Elisabeth had long since found her resolve, and it was still just as unwavering.

Those who owe their lives to another have a duty to fight.

Watching the Saint make her choice had made Elisabeth sure of that. She didn’t have time to waste falling into despair over everything that was wrong and broken.

She owed her life to Kaito Sena.

His love had saved her.

That meant that all of this, everything that was happening and everything that was going to happen, was her story.

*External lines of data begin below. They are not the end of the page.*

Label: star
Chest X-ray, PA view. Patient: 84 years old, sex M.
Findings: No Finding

Averting her eyes and passing the buck wasn’t an option.

“’Twas my choice to make, and I chose to see this fight through to its end.”

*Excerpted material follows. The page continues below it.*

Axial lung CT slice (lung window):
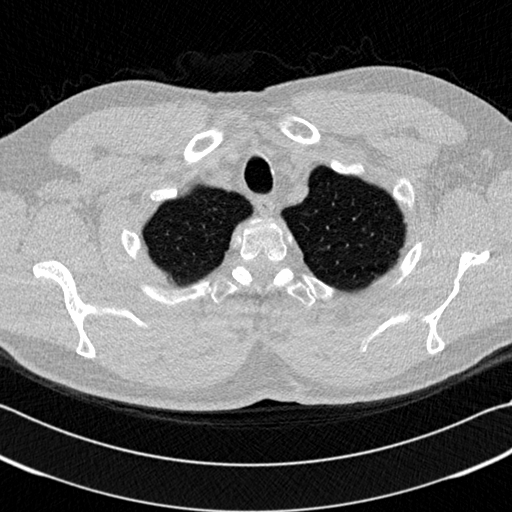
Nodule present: no

“Hmph. Playing the part of the peerless dunce, I see. Well, so be it. Will you be able to emulate that fool whose twisted mind remained clear to the end? Or will you drown in your hypocrisy and die? I look forward to… Hmm? Ah, they’re here. Well, I have no patience for squeaky little mice.”

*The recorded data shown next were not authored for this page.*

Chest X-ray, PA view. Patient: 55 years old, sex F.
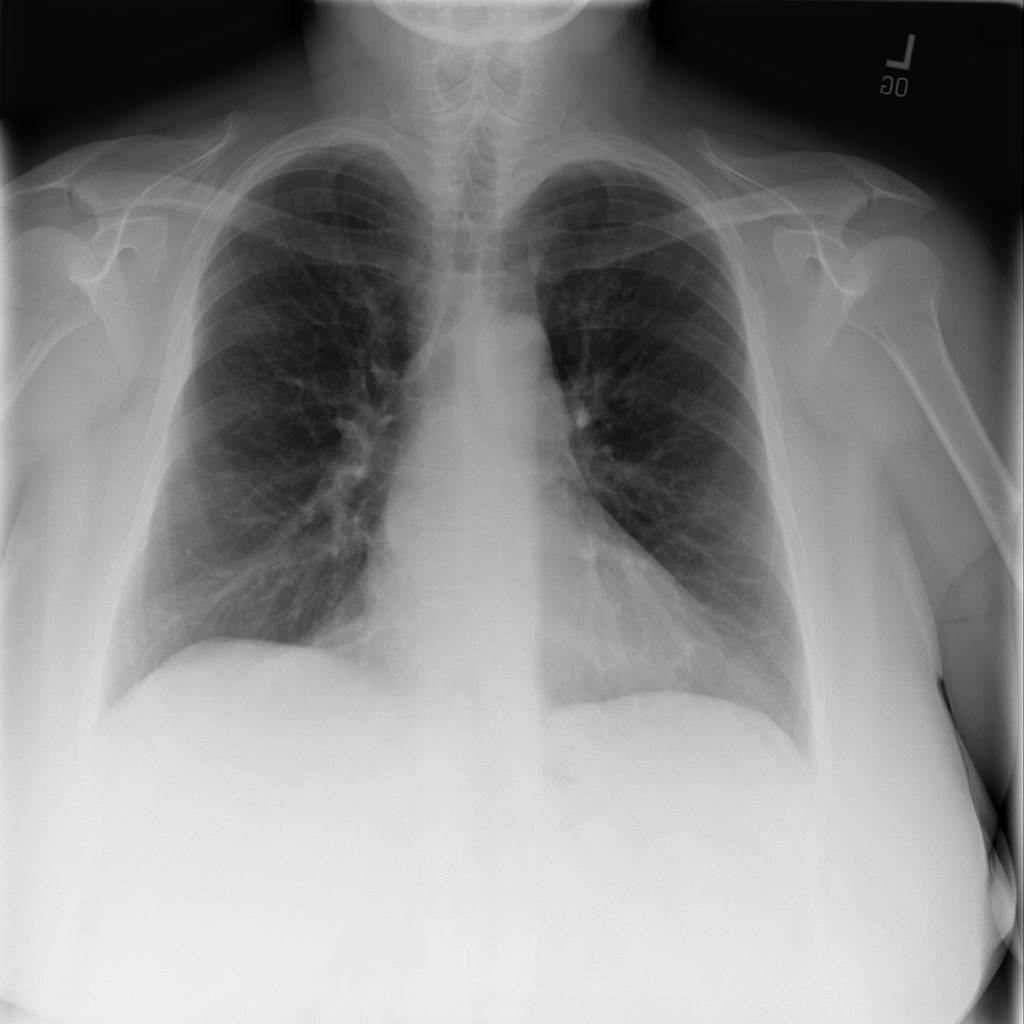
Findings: No Finding

With that, the Kaiser vanished. Elisabeth, now alone again, looked up.

She had told them that a message alone would suffice, but in spite of that, a teleportation circle was etching itself onto the ground before her eyes.

It wasn’t quite the same as the sort humans employed. Fire ran across it first, after which a cloud of red and white sand swirled up from its center. The two hues filled her view like a sand painting. Eventually, they hardened into a wall, cracked, and crumbled.

When they did, a dozen-odd beastfolk stood before her.

The copper-furred wolf standing at their center looked up. He gave her a courteous bow.

“Captain Elisabeth, the entire Peace Brigade is reporting for duty!”

They were Elisabeth’s soldiers,

her subordinates from the land of the beastfolk.

“I appreciate you coming all the way out to this fateful manor,” Elisabeth said. “As I suspected, the place is deserted. ’Tis the perfect spot for a clandestine meeting.”

The beastfolk nodded.

Asking them to come there of all places was in poor taste, to be sure, but given that she had a proper reason, none of them voiced any complaints.

Elisabeth stepped forward from the wall she’d been leaning against. In truth, it was no wall at all. It was the entrance to a room, packed tight with pale-silver ivy. The vines were cold, firm, and soft, like a corpse that was just coming out of rigor mortis. It reminded her of a graveyard. And that was exactly what it was.

They were in Vyade Ula Forstlast’s primary residence.

And they were standing before the throne room—the room she’d died in.

After her self-inflicted death, Alice and Lewis made their escape by destroying a nearby wall. However, the room’s actual entrance was pristine and untouched.

That was where Elisabeth had awaited Lute’s response. However, he and the rest of her men had foregone the use of a communication device and chosen to answer in person. Even though she’d conveyed her location to them, this was a turn of events she hadn’t foreseen.

Knowing what it likely implied, Elisabeth broke the ice.

She repeated the questions she had asked them in her missive.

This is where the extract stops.